Entries provided –
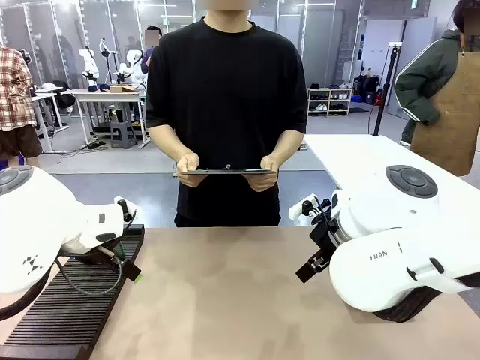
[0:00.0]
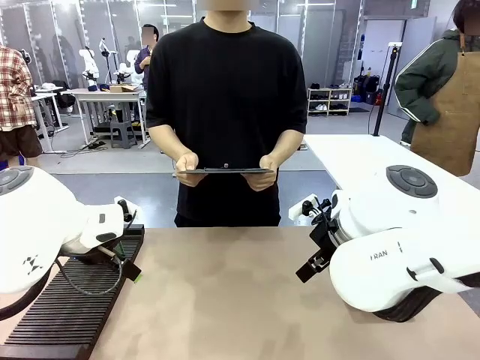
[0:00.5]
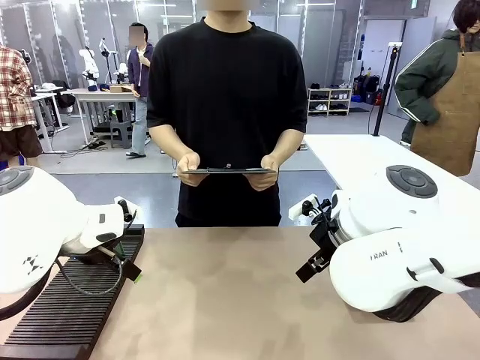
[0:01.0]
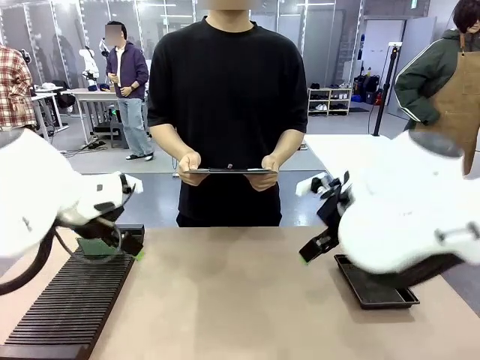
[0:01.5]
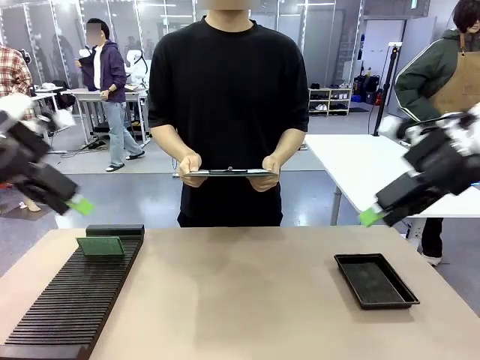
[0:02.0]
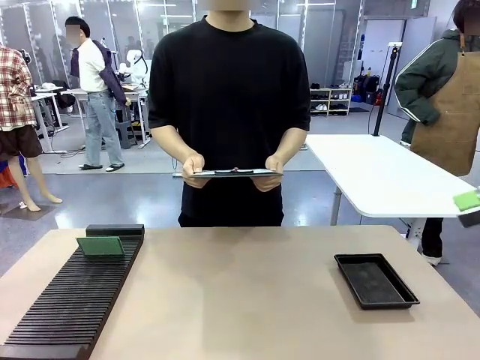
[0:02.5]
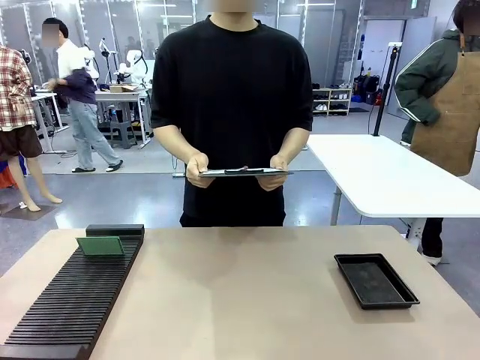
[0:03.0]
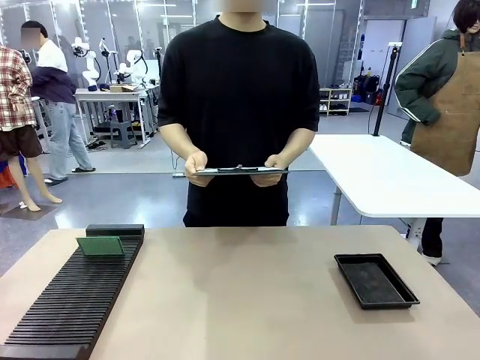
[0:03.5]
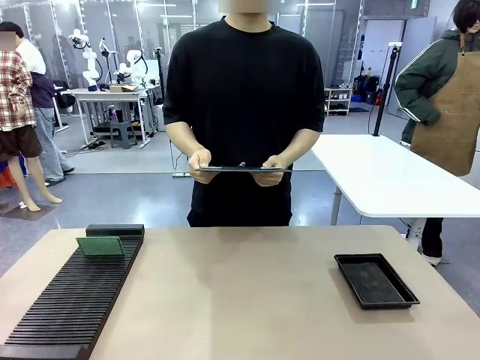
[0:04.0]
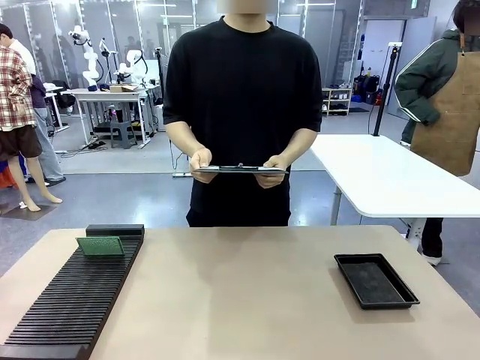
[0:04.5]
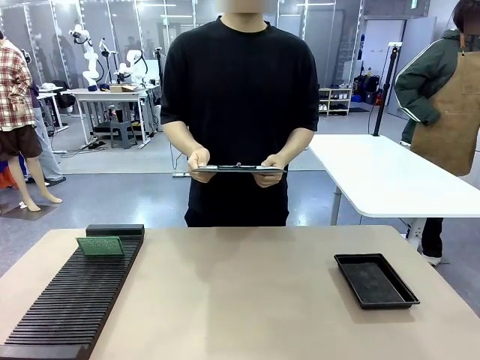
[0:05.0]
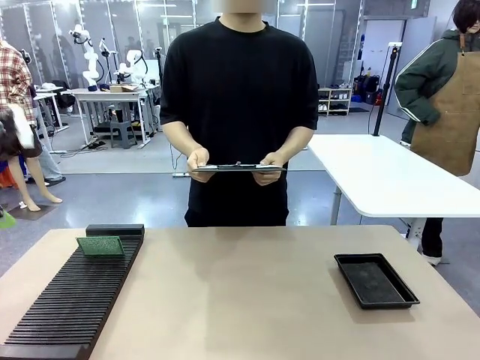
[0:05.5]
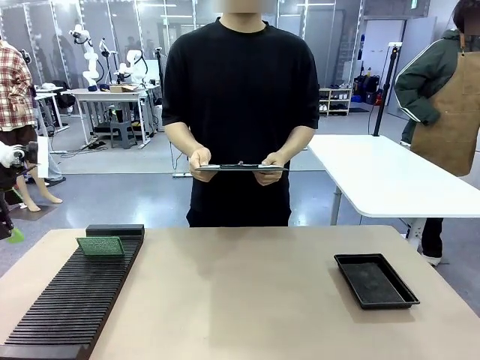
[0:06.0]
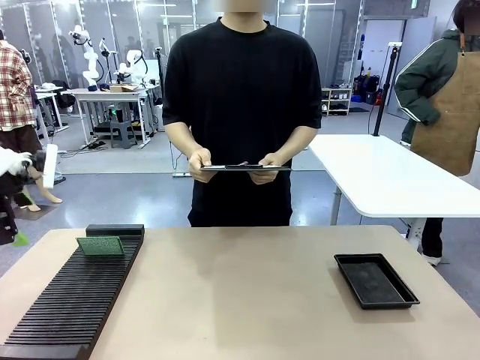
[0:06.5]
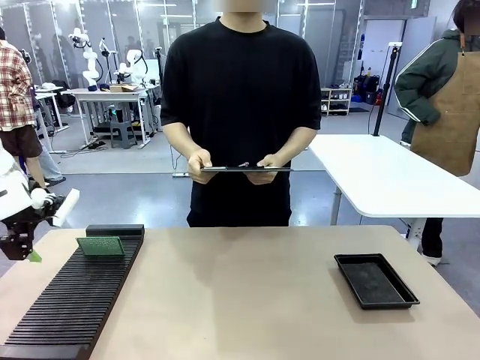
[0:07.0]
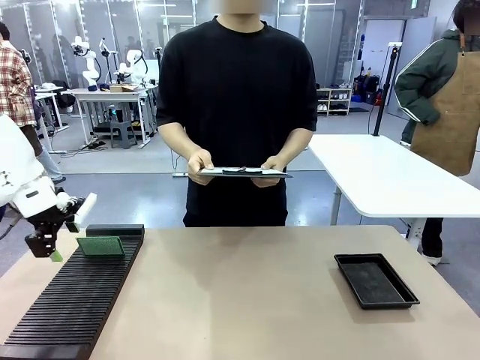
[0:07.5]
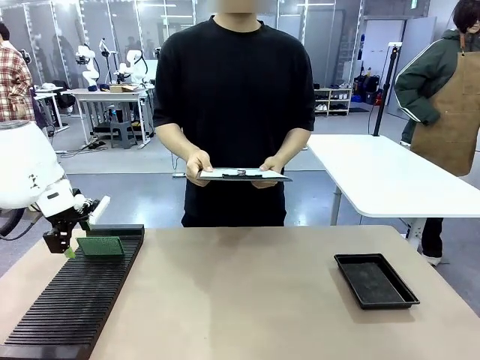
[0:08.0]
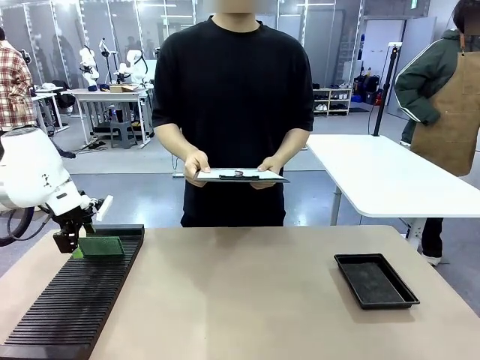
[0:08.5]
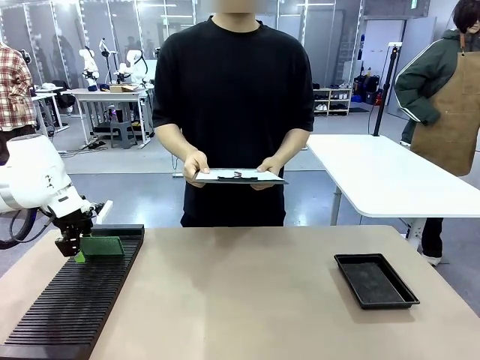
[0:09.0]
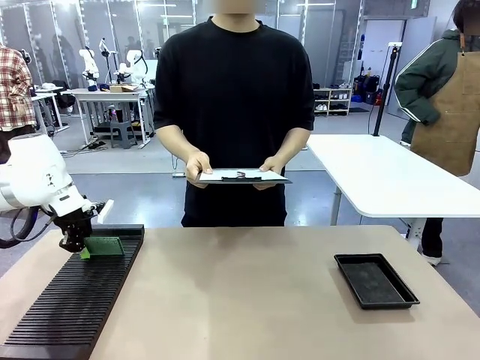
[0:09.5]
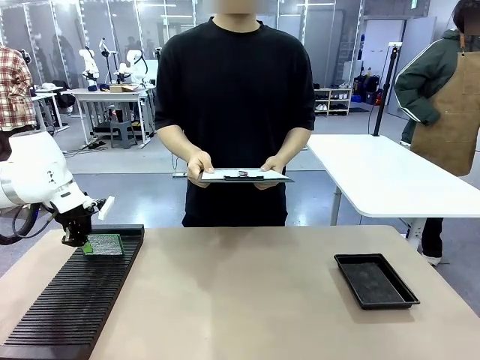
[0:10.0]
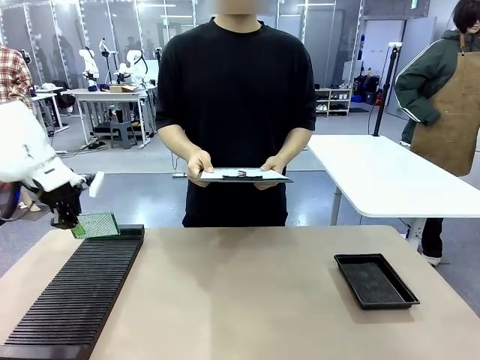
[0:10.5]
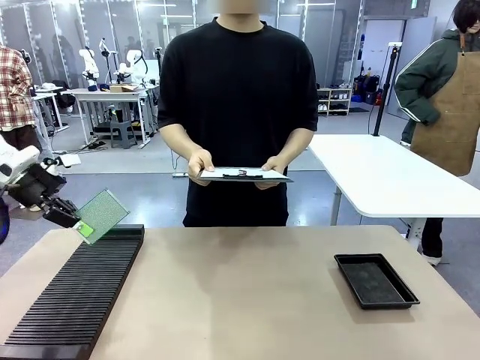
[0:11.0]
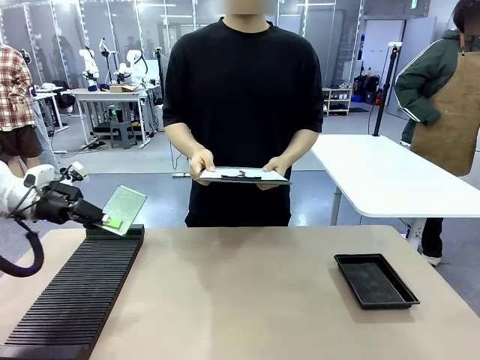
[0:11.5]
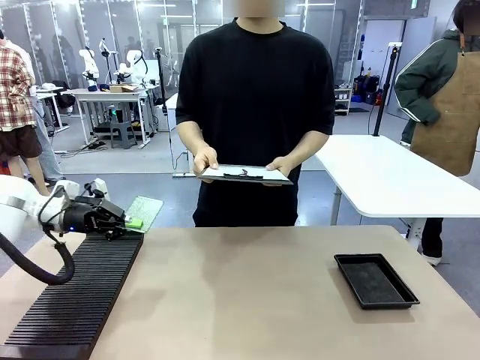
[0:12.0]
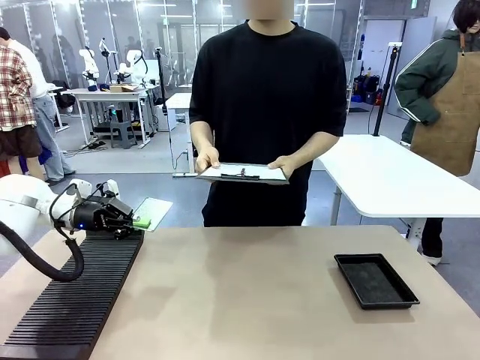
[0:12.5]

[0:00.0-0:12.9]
Task: Inspect the PCB.
Robot: Pick up the Blank PCB and present it to the human.
Person: Pick up the PCB presented by the robot.

Exercise brief –
The material shown above is to be repeated verbatim, and its pictures are to be omitted.

The answer –
[0:00.0]
[0:00.5]
[0:01.0]
[0:01.5]
[0:02.0]
[0:02.5]
[0:03.0]
[0:03.5]
[0:04.0]
[0:04.5]
[0:05.0]
[0:05.5]
[0:06.0]
[0:06.5]
[0:07.0]
[0:07.5]
[0:08.0]
[0:08.5]
[0:09.0]
[0:09.5]
[0:10.0]
[0:10.5]
[0:11.0]
[0:11.5]
[0:12.0]
[0:12.5]

[0:00.0-0:12.9]
Task: Inspect the PCB.
Robot: Pick up the Blank PCB and present it to the human.
Person: Pick up the PCB presented by the robot.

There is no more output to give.